At Ragged Chute, 16 km southeast of Cobalt on the Montreal River, stands the world's only water-powered compressed air plant.
Built in 1910, at the peak of the Cobalt silver boom, Ragged Chute Compressed Air Plant transmits air-power to the local mining industry. Compressed air, rather than electricity, is the main power source used by heavy mining equipment such as drilling machines, grinders and hoists. Today, though, most mines purchase electricity to run their own air compressors.
The late Charles H. Taylor invented the hydraulic air compressor while living in Montreal. One spring he observed the movement of the Ottawa River and, as water flowed over a dam and under the ice, noticed that peculiar domes rose from the surface of the ice. When they were pierced, compressed air escaped.
To Taylor's creative mind, the explanation was simple - when a mixture of air and water is compressed, the air separates and rises. The air compresses, and not the water, because the molecules in a liquid are already very close together and, therefore, are almost impossible to compress.
Using this principle, Taylor determined that an efficient method to harness hydraulic air-compression would be to drop the air-water mixture through a shaft to an underground chamber. He designed the chamber in such a way as to allow the water to flow through, and at the same time cause the air to compress.
In the course of his experiments, Taylor discovered that the air pressure and horsepower created could be increased or decreased by altering the length and diameter of the intake shaft, and by changing the volume of water entering the works.
Since it was built in 1910, Ragged Chute has practically run itself. While under construction, in the early years of this century, a community of workers did live on the site.
In 1945, Ontario Hydro purchased the Ragged Chute plant and continues to supply local mines with the compressed air created there.
Only twice in its 70-year history has the plant been closed for major repairs although, at one time, a dozen mines purchased thousands of cubic metres of compressed air each month.
Today, the plants and the pipes that carry the air-power to the mines are in need of a major overhaul. But the costs would be prohibitive. As a result, the famous geyser-like blow-off from the plant is rarely seen except on weekends when the local mines are shut down.
How it works
Ragged Chute was specifically designed to produce air compressed to 862.5 kPa (gauge). Its intake shaft is 107 m deep and the tunnel-chamber has a blow-off valve to prevent increased pressure.
There are control gates to limit the amount of water entering the plant works. As well, the two intake heads, each made up of 72, 36 cm pipes, can be raised or lowered to maintain a constant depth over the bulkhead, usually about 46 cm of water.
From the heads, the water is fed into one pipe which widens just before the bottom. This is designed to decrease the pressure in the pipe and allow the air bubbles to collect and merge. At the base of the shaft are two steel-sheathed concrete cones which break the initial impact of the air-water mixture, and direct its flow into the horizontal chamber.

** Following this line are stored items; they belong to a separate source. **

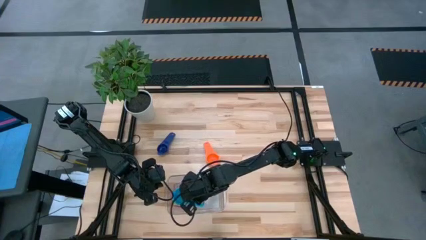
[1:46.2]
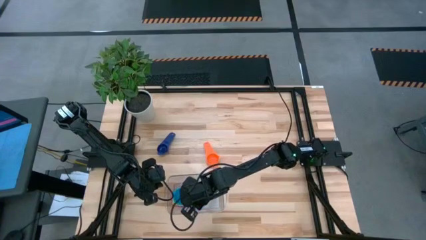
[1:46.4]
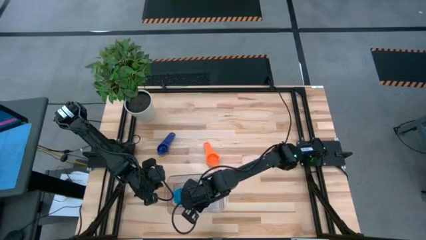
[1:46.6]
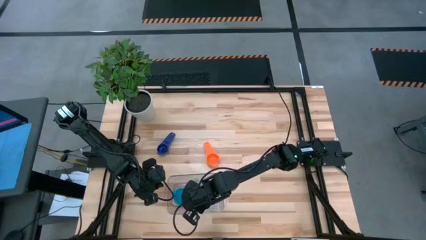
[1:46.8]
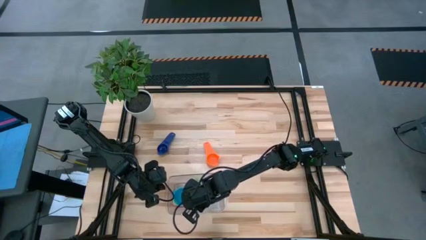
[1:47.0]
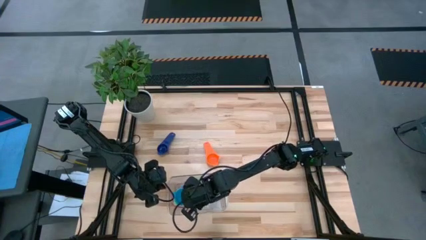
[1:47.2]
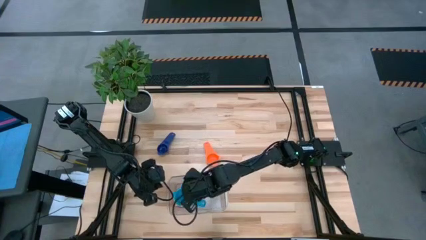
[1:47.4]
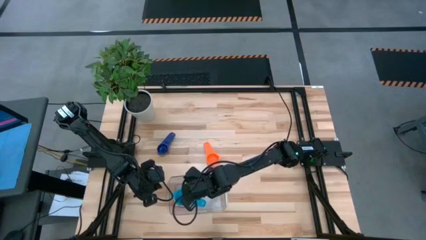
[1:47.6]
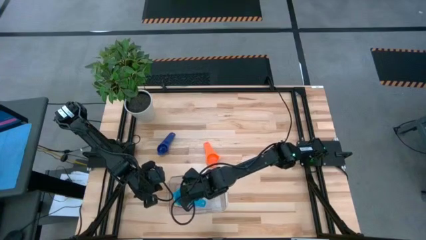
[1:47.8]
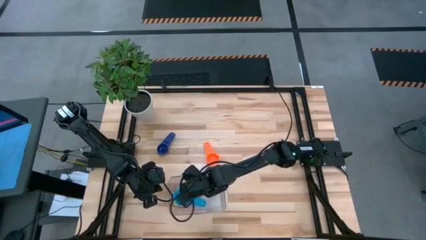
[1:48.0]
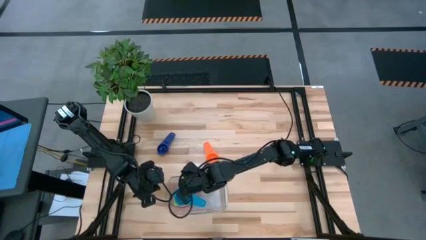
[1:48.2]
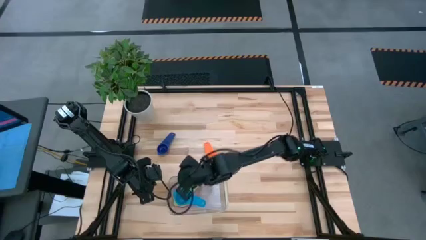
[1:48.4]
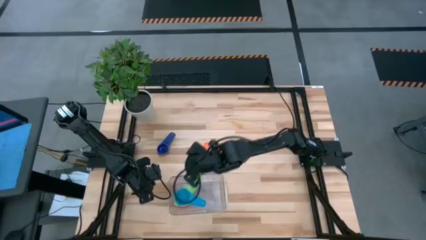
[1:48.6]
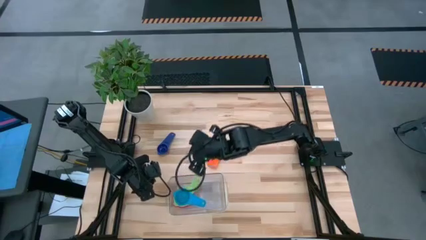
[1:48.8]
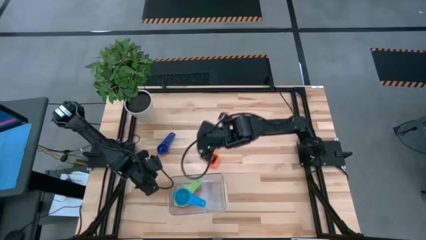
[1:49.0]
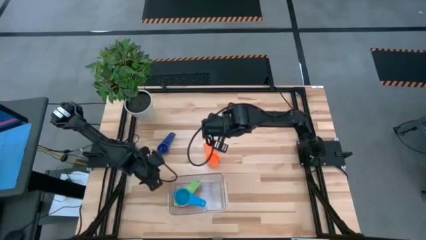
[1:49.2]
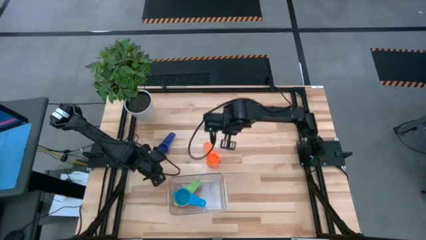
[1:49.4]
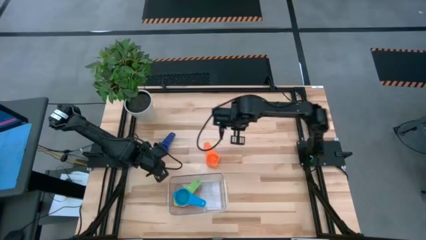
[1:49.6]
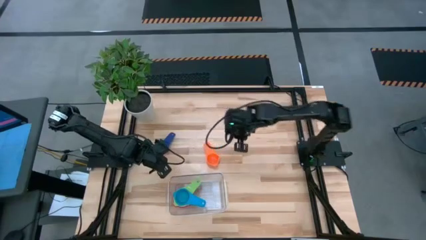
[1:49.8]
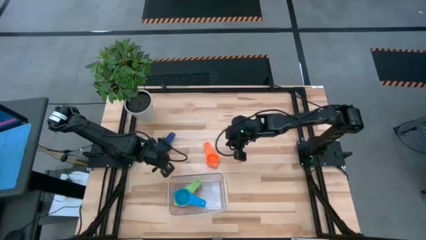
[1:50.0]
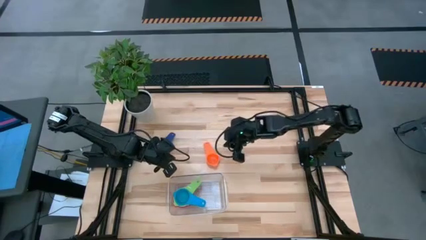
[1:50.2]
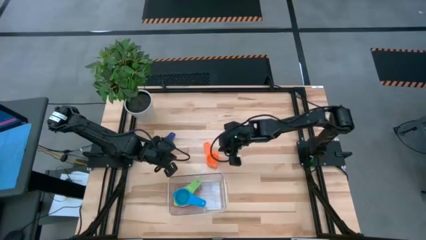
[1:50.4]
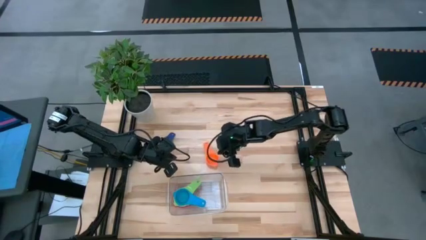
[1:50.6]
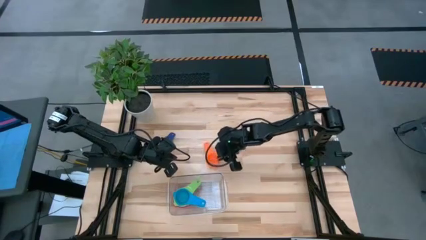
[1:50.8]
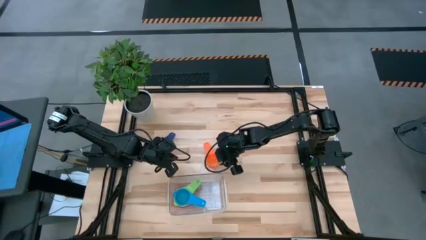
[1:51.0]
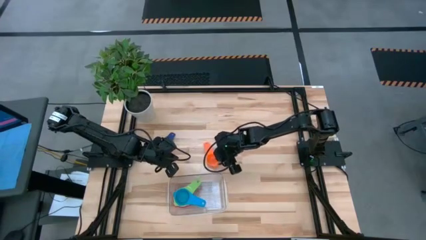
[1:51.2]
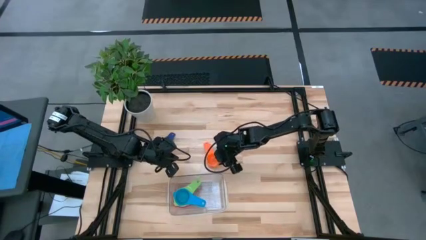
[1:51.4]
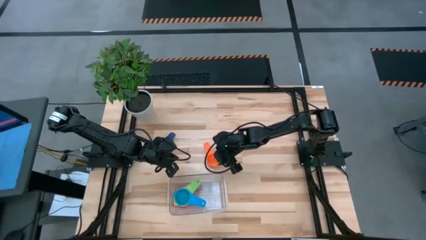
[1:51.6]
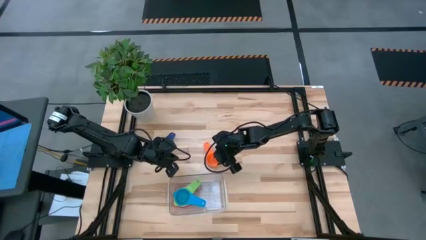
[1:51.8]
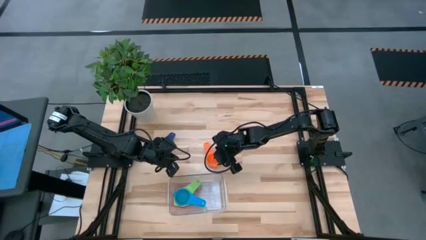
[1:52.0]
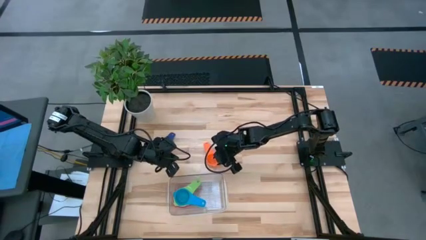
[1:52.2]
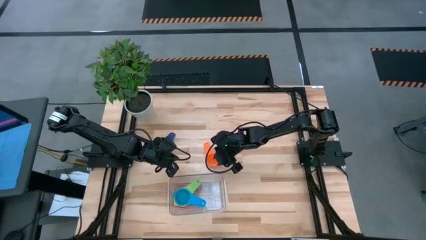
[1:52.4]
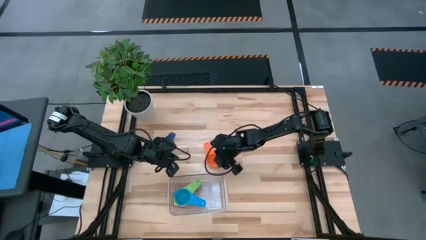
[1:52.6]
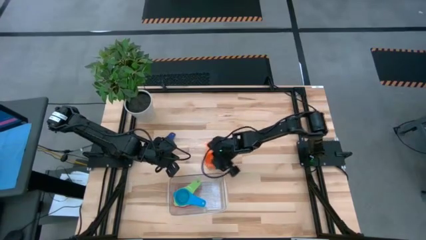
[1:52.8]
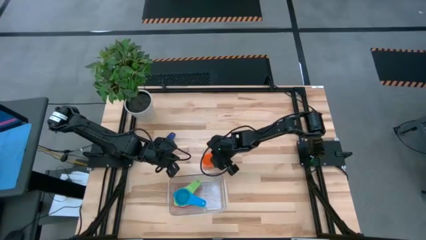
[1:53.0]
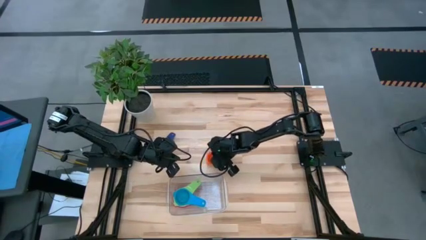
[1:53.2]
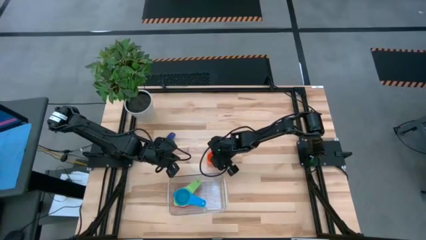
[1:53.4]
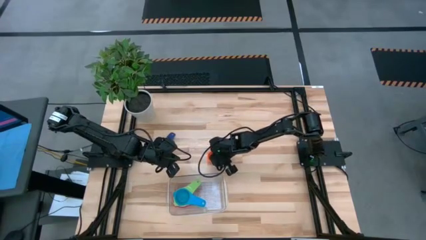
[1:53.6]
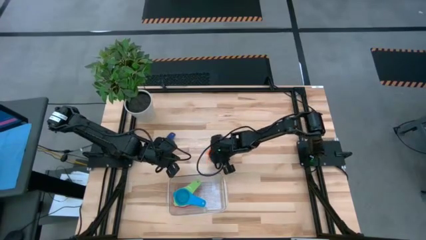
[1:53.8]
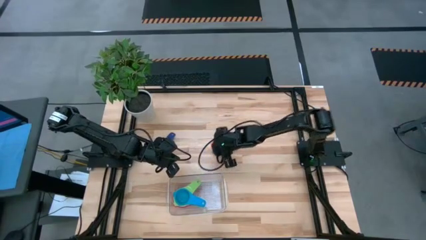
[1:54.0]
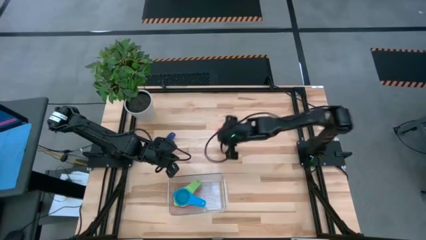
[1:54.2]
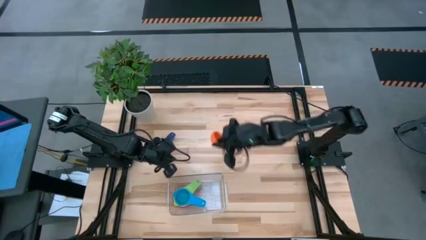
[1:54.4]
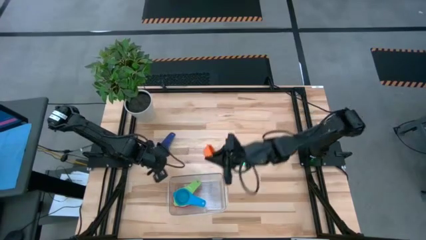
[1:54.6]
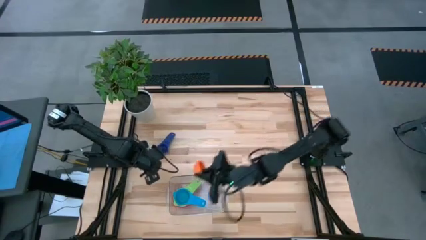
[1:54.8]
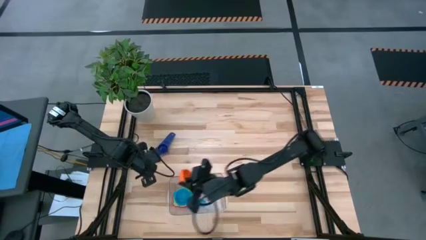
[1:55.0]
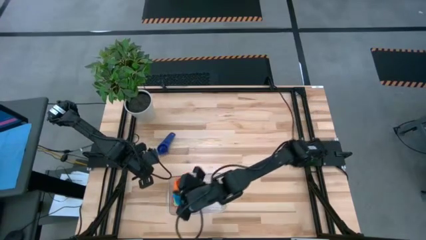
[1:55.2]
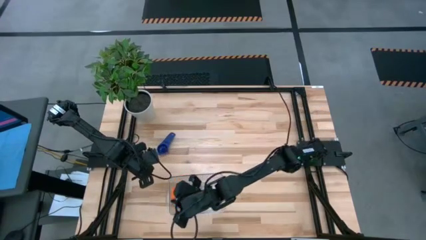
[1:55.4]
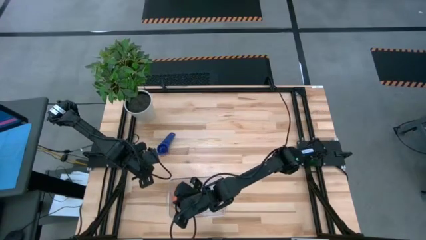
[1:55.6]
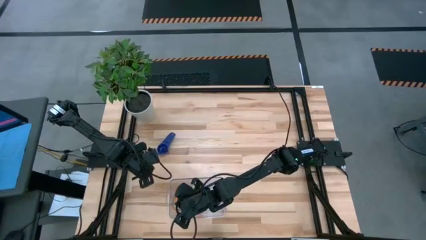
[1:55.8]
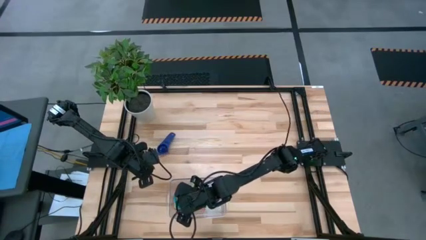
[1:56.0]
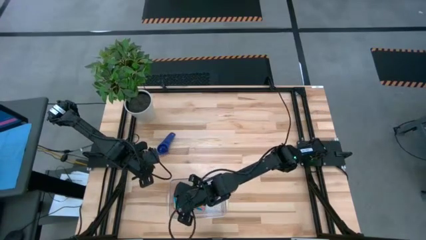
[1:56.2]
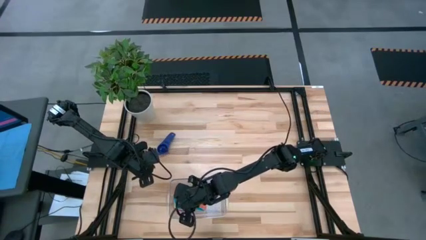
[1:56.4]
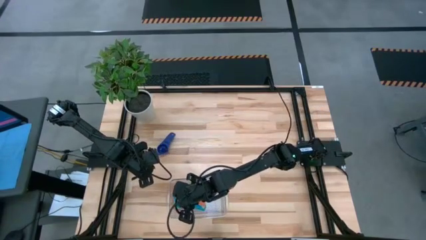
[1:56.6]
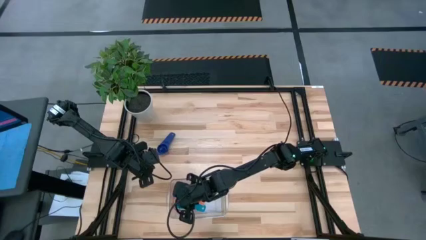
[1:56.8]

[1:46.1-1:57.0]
Task: Nest measuring cups in basket
Stack the orange measuring cup on top of the light blue measuring cup into the transparent bin

The chamber collects the compressed air and channels it to a receiver pipe, 61 cm in diameter. The receiver then carries the compressed air to a valve house where it is transmitted to Cobalt for distribution.
The 51 cm diameter stell transmission pipe has telescopic expansion joints every 0.8 km to allow for the effects of temperature change. The pipe is above ground and can expand about a metre each 1.6 km on a hot, sunny day.
Compressed air must be dry because through friction, humidity decreases the efficiency of both the pipeline and the motors using the air. Water vapor also causes exhaust freezing in motors; the escaping air expands rapidly, which requires a great deal of heat energy. And, finally, the moisture washes away the lubricants within the motors.
The air transmitted from Ragged Chute is much drier than it was before compression because the water temperature is so cold it condenses the moisture in the air bubbles whil still in the intake shaft. The condensation then remains with the water when the air-water mixture separates. The low humidity of Ragged Chute air is one of the most remarkable features of the plant.
The blow-off valve is a 30 cm pipe beside the receiver leading to a point underwater on the river bed. It reaches into the tunnel-chamber to the critical depth where it rests in water as long as the air is compressed to 862.5 kPa (gauge). But when the pressure increases, the water level within the chamber lowers slightly, allowing the excess pressure to escape. When it does blow, a stream of water often shoots over 30 m into the air.
This spectacular, geyser-like blow-off is most commonly associated with the Ragged Chute Compressed Air Plant.